— Exercise requirements —
Repeat exactly the lines of the records below, starting at the line containing "Question: What time" and ending at the line containing "Answer: 09:58:40". Leave the pictures out.
Segment Start: Available data
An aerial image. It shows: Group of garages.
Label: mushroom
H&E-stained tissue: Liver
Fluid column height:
Segment End: Available data
Segment Start: Available data
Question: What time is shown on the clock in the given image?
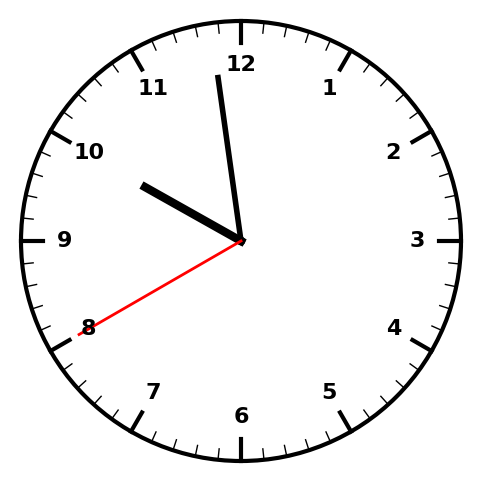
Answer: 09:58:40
Segment End: Available data
Segment Start: Available data
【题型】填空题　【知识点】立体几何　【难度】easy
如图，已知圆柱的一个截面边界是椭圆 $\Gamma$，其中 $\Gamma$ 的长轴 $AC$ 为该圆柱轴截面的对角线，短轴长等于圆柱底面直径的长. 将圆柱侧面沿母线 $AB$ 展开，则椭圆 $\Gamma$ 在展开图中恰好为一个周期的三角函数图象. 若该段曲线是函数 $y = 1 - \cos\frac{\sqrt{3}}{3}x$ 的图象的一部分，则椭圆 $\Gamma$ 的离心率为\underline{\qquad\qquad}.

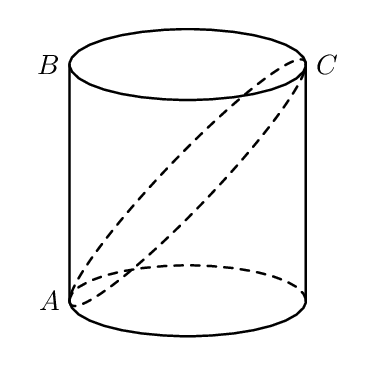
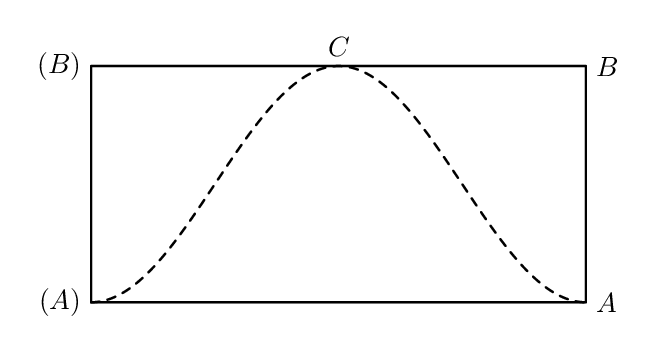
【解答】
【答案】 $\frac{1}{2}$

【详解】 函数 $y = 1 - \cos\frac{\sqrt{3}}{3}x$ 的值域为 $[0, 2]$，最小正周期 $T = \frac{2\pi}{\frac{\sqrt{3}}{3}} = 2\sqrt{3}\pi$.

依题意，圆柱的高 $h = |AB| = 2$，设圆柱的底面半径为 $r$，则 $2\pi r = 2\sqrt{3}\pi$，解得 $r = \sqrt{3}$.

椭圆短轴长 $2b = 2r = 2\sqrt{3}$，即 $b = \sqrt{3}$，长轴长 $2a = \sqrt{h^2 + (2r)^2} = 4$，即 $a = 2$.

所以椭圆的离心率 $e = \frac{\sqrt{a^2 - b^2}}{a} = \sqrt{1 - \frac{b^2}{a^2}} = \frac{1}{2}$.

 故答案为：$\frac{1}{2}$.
Segment End: Available data
— Completed task —
Question: What time is shown on the clock in the given image?
Answer: 09:58:40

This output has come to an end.